In this work, we use the permissions and api level information from the apps as the features to
detect malicious applications. Further we observe that, android store [51] defines a category for every
published application. We have done extensive studies and discovered that, certain categories are highly
prone to malicious acts compared to other categories. We explicitly incorporate this information in our
model and learn a naive bayes classifier for each category using the features that encode information
about permissions and api calls. Given a new test application with a known category, we apply an
appropriate classifier to detect if the application is malicious. We created a large data set of android
applications and achieve an improvement of 3 4% by incorporating category level information.

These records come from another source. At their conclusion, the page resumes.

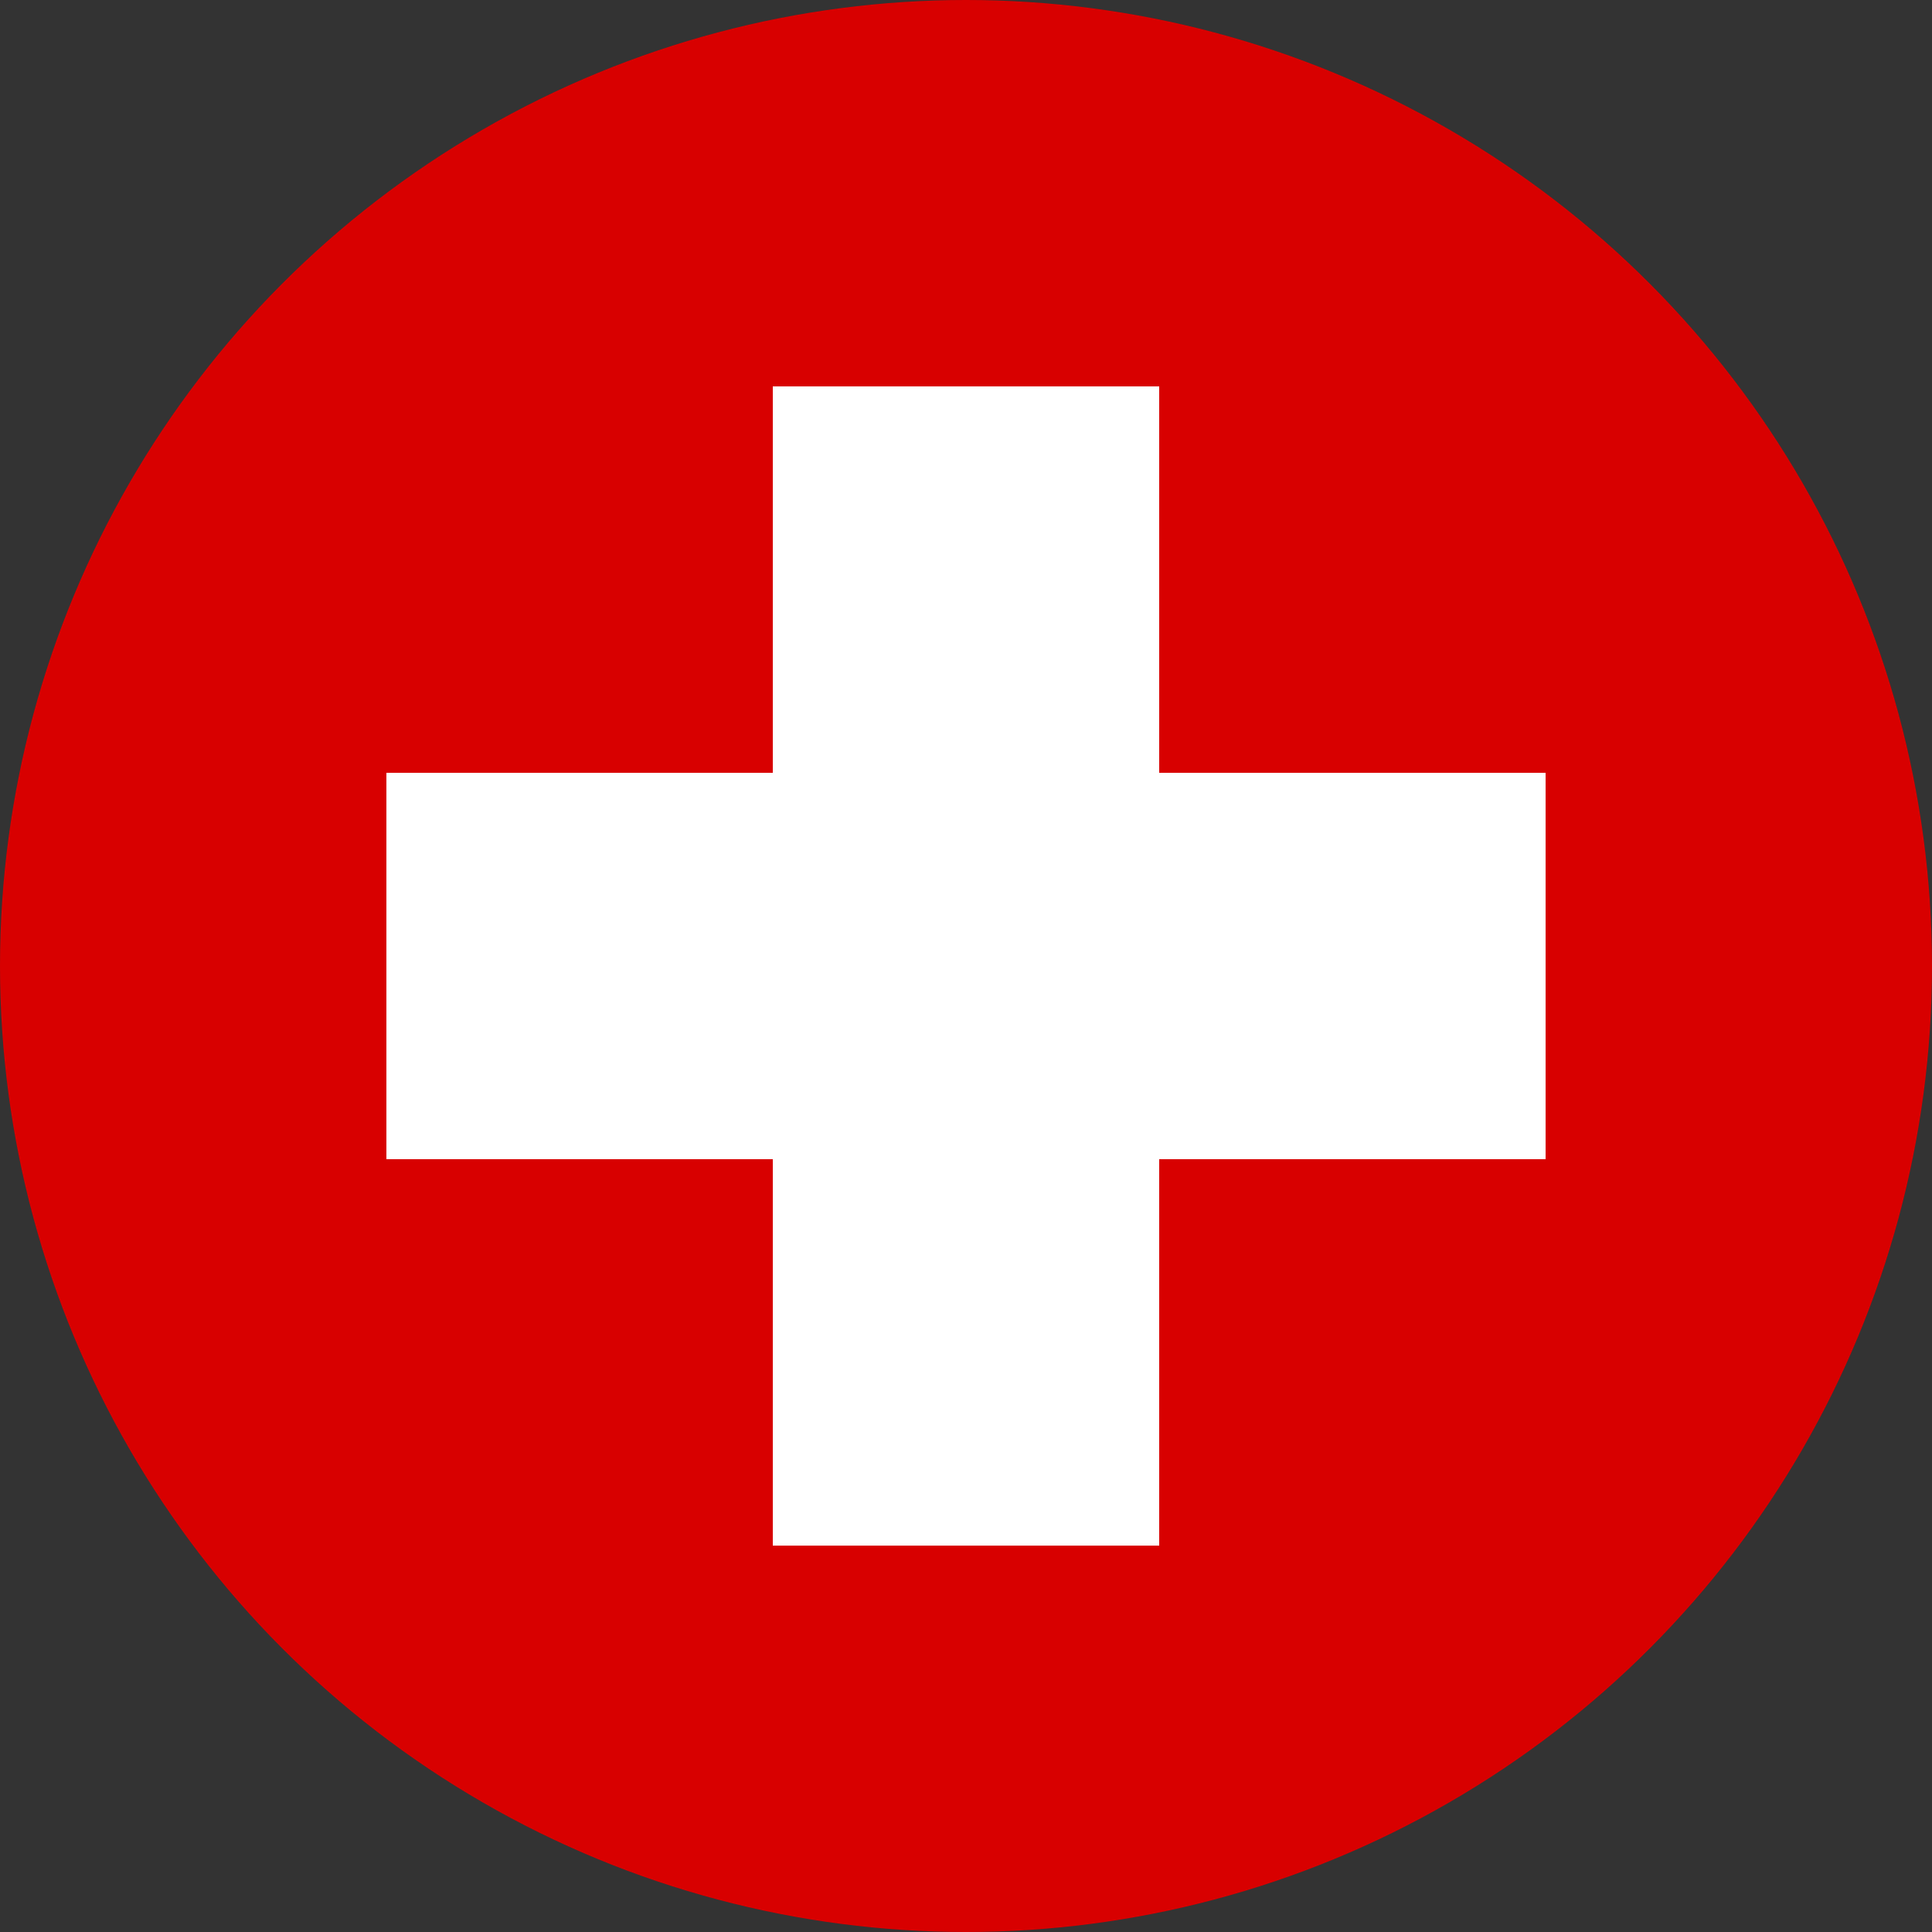 <?xml version="1.0" encoding="UTF-8"?>
<svg xmlns="http://www.w3.org/2000/svg" width="20" height="20" viewBox="0 0 20 20">
  <rect x="0" y="0" width="20" height="20" fill="#333333" stroke="none"/>
  <circle cx="10" cy="10" r="10" fill="#d80000"/>
  <rect x="4" y="8" width="12" height="4" fill="#ffffff"/>
  <rect x="8" y="4" width="4" height="12" fill="#ffffff"/>
</svg>
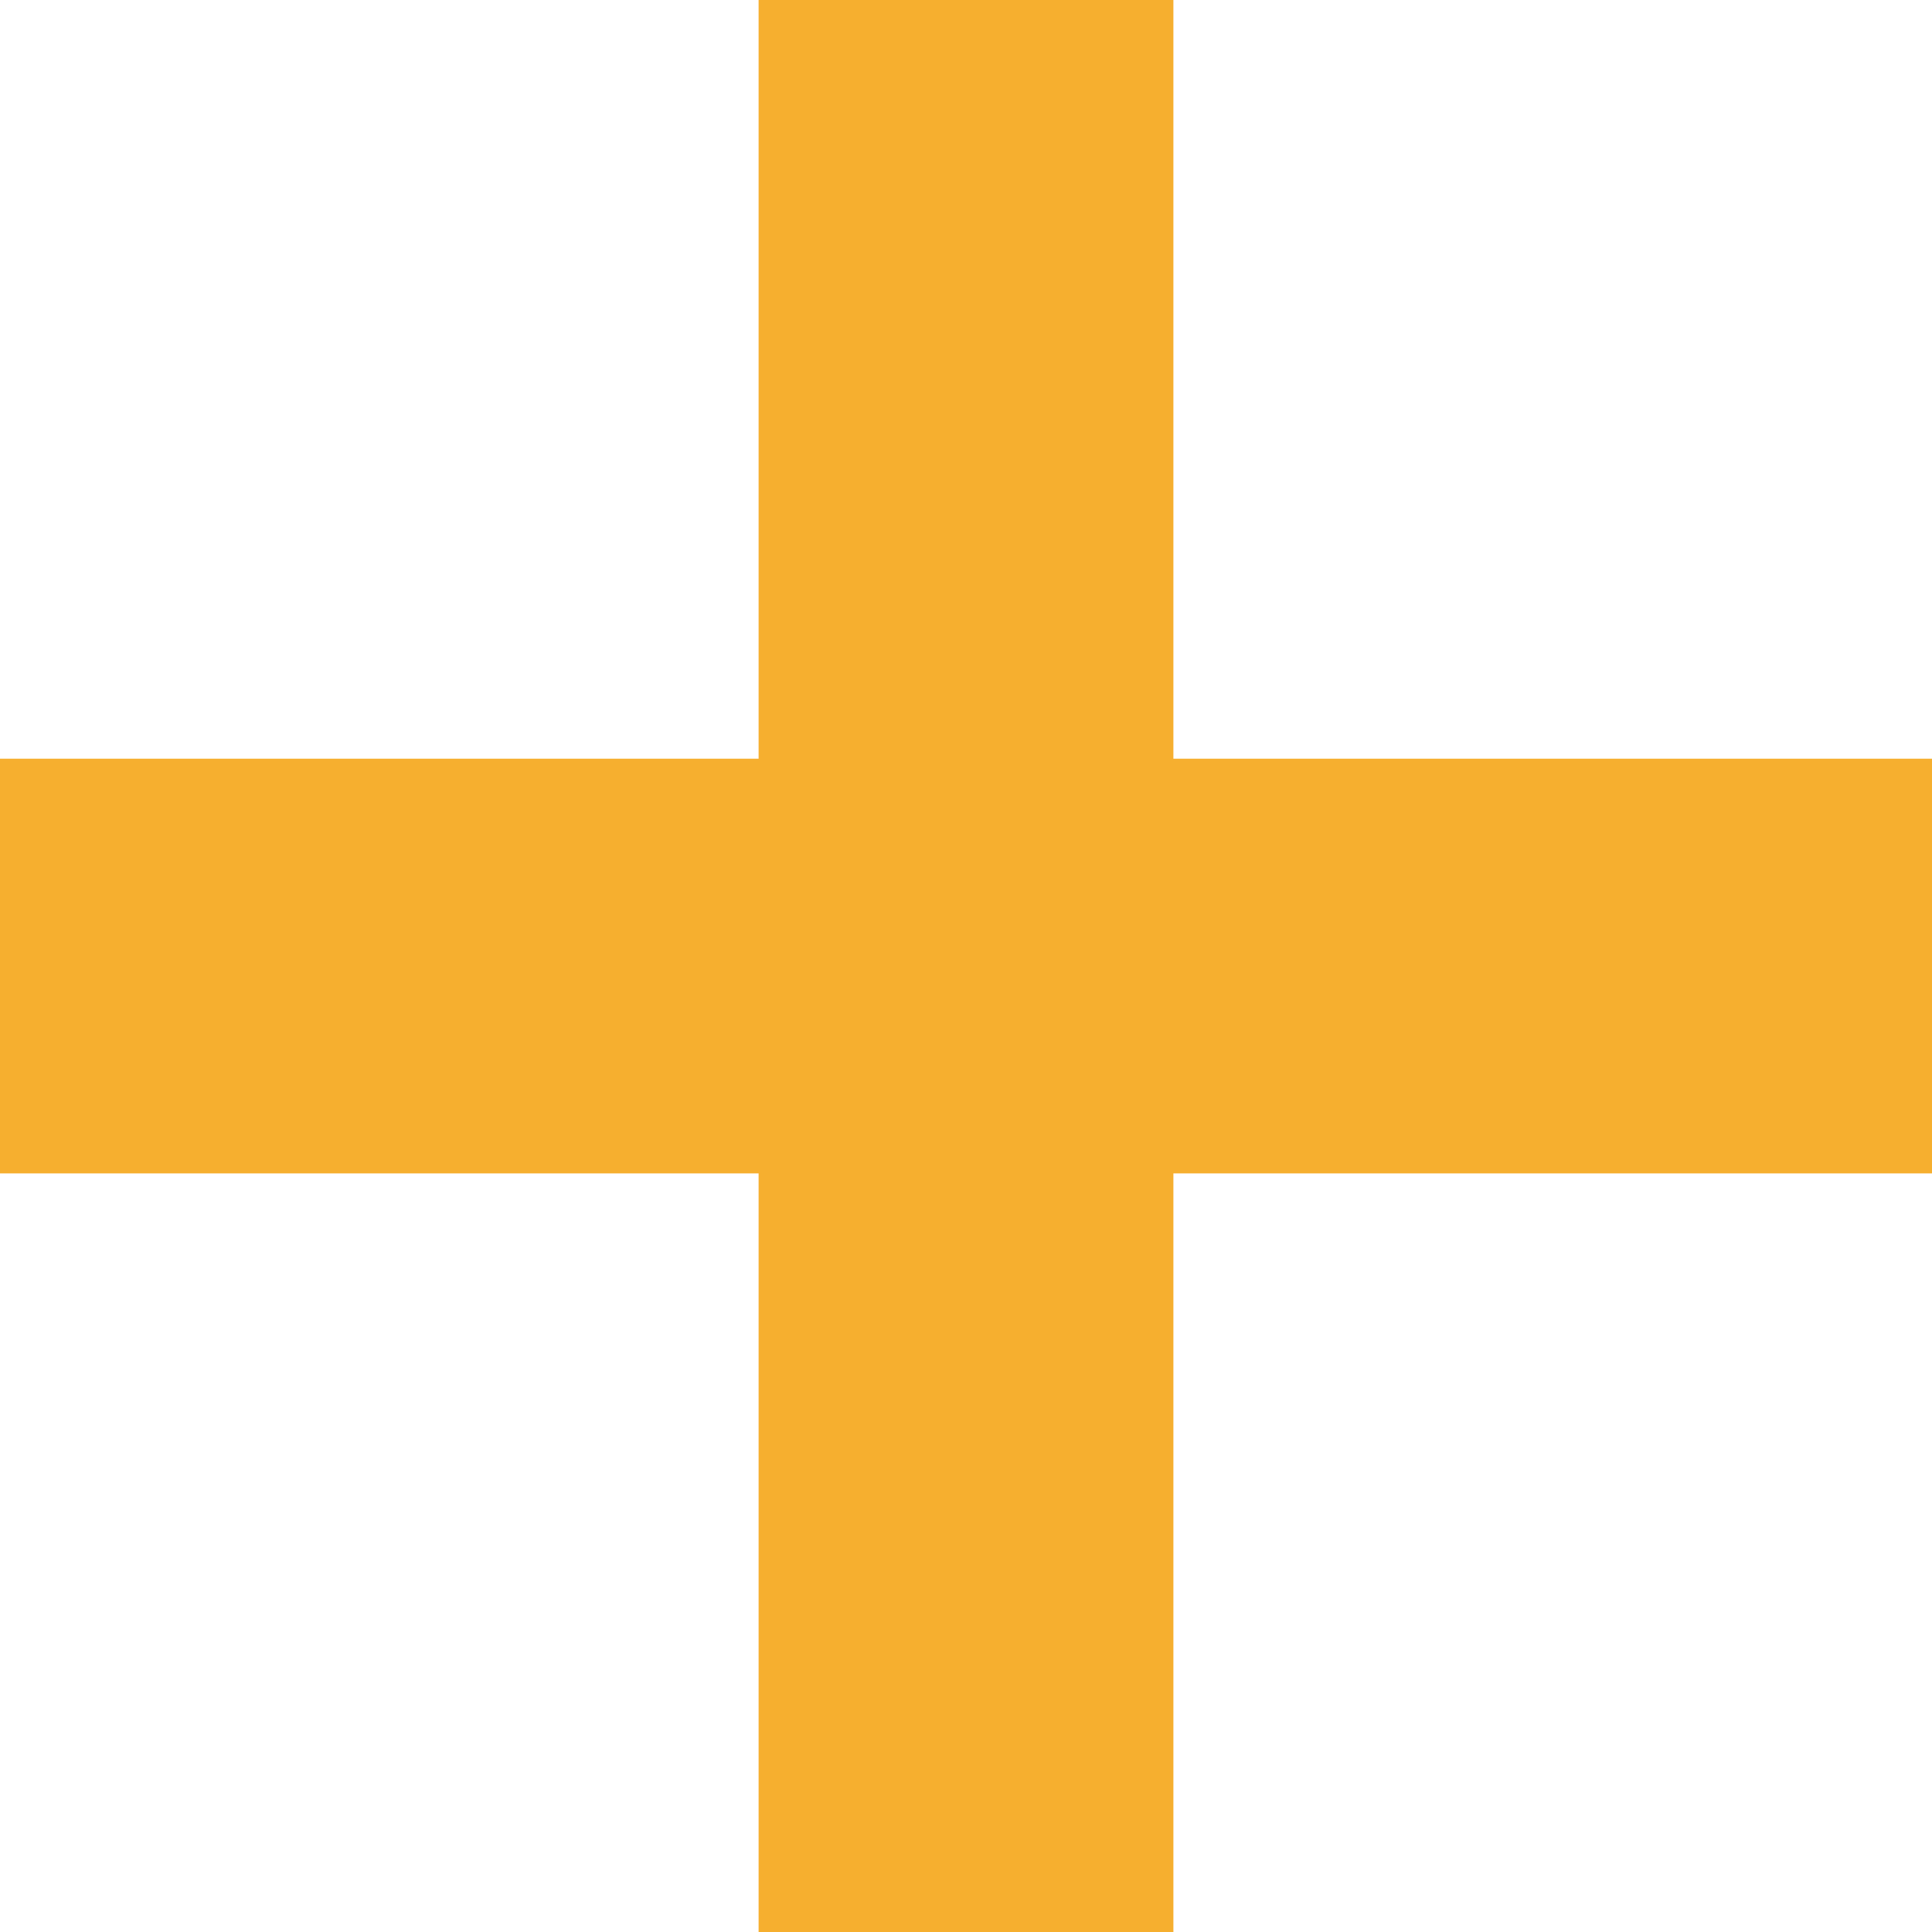 <svg width="20" height="20" viewBox="0 0 20 20" fill="none" xmlns="http://www.w3.org/2000/svg">
<path d="M12.147 0H7.853V20H12.147V0Z" fill="#F6AF2F"/>
<path d="M20 12.147V7.854L0 7.854V12.147H20Z" fill="#F6AF2F"/>
</svg>

Secondly, we combine the association rule mining and classification rule mining techniques to build
a classifier. The integration is done by focusing on mining a special subset of association rules, called
class association rules (CARs). To select the best features that distinguish between malware from benign apps, we rely on API level information within the bytecode since it conveys substantial semantics about
the apps behaviour. More specifically, we focus on critical API calls and their package level information.
Rather than simply treating the individual api calls as items, we represent an item as a combination
of caller and callee api. We capture one level of control flow and context between caller and callee. Each
item in our model is of the form A%B, where A is the caller and B is the callee. We use Androguard [8],
a reverse engineering tool to perform API level feature extraction and data flow analysis. In summary,
• combining association rule mining and classification rule mining for Android malware detection.
• We achieved a detection rate of 85% over the baseline classifier of 0.69%.